Number of wins by tour
- PGA Tour: 1

Best results in major championships
- Masters Tournament: CUT: 1995
- PGA Championship: CUT: 1994, 1995
- U.S. Open: CUT: 1995, 1996
- The Open Championship: DNP

= Mike Heinen =

American professional golfer

William Michael Heinen Jr. (born January 17, 1967) is an American professional golfer who has played on the PGA Tour and the Nationwide Tour.

== Early life and amateur career ==
In 1967, Heinen was born in Rayne, Louisiana. He was raised in Fenton, Louisiana. He attended the University of Louisiana at Lafayette from 1985-1989 and was a two-time All-American member of the golf team.

== Professional career ==
In 1989, Heinen turned professional. Throughout his career, Heinen has split his playing time in relatively equal amounts between the PGA Tour and the Nationwide Tour.
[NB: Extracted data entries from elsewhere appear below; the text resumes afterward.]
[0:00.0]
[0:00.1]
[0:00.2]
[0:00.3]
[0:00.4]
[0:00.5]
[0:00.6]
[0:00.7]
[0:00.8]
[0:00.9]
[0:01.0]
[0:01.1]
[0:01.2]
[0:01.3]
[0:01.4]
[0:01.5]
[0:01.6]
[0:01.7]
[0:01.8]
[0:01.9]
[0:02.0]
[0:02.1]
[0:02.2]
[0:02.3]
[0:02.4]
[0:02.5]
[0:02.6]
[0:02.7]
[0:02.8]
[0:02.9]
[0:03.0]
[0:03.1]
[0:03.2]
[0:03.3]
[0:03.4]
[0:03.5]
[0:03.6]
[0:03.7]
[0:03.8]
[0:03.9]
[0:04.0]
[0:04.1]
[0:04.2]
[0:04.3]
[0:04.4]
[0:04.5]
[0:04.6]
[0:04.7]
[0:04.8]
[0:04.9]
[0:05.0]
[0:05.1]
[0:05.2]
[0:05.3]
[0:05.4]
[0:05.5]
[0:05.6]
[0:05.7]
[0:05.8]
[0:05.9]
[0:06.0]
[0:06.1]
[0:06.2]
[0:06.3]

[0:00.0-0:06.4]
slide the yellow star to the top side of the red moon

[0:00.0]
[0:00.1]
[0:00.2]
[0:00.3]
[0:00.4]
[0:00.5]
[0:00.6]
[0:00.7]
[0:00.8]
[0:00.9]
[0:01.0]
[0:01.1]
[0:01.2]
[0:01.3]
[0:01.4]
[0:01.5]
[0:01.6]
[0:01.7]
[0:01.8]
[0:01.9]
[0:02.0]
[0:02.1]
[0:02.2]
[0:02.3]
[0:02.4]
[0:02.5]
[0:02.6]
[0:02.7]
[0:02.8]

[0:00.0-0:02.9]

In 1994, he won the Shell Houston Open in just his 10th start on the PGA Tour.

== Personal life ==
Heinen lives in Lake Charles, Louisiana with his wife and three children.

==Professional wins (1)==
===PGA Tour wins (1)===

| No. | Date | Tournament | Winning score | Margin of victory | Runners-up |
|---|---|---|---|---|---|
| 1 | May 1, 1994 | Shell Houston Open | −16 (67-68-69-68=272) | 3 strokes | USA Tom Kite, USA Jeff Maggert, USA Hal Sutton |

PGA Tour playoff record (0–1)

| No. | Year | Tournament | Opponent | Result |
|---|---|---|---|---|
| 1 | 1995 | Freeport-McMoRan Classic | USA Davis Love III | Lost to birdie on second extra hole |

==Playoff record==
Buy.com Tour playoff record (0–2)

| No. | Year | Tournament | Opponent(s) | Result |
|---|---|---|---|---|
| 1 | 2000 | Buy.com Ozarks Open | USA Pat Bates, USA Pat Perez | Perez won with birdie on first extra hole |
| 2 | 2002 | Louisiana Open | NZL Steven Alker | Lost to par on second extra hole |

==Results in major championships==

| Tournament | 1994 | 1995 | 1996 |
|---|---|---|---|
| Masters Tournament |  | CUT |  |
| U.S. Open |  | CUT | CUT |
| PGA Championship | CUT | CUT |  |

Note: Heinen never played in The Open Championship.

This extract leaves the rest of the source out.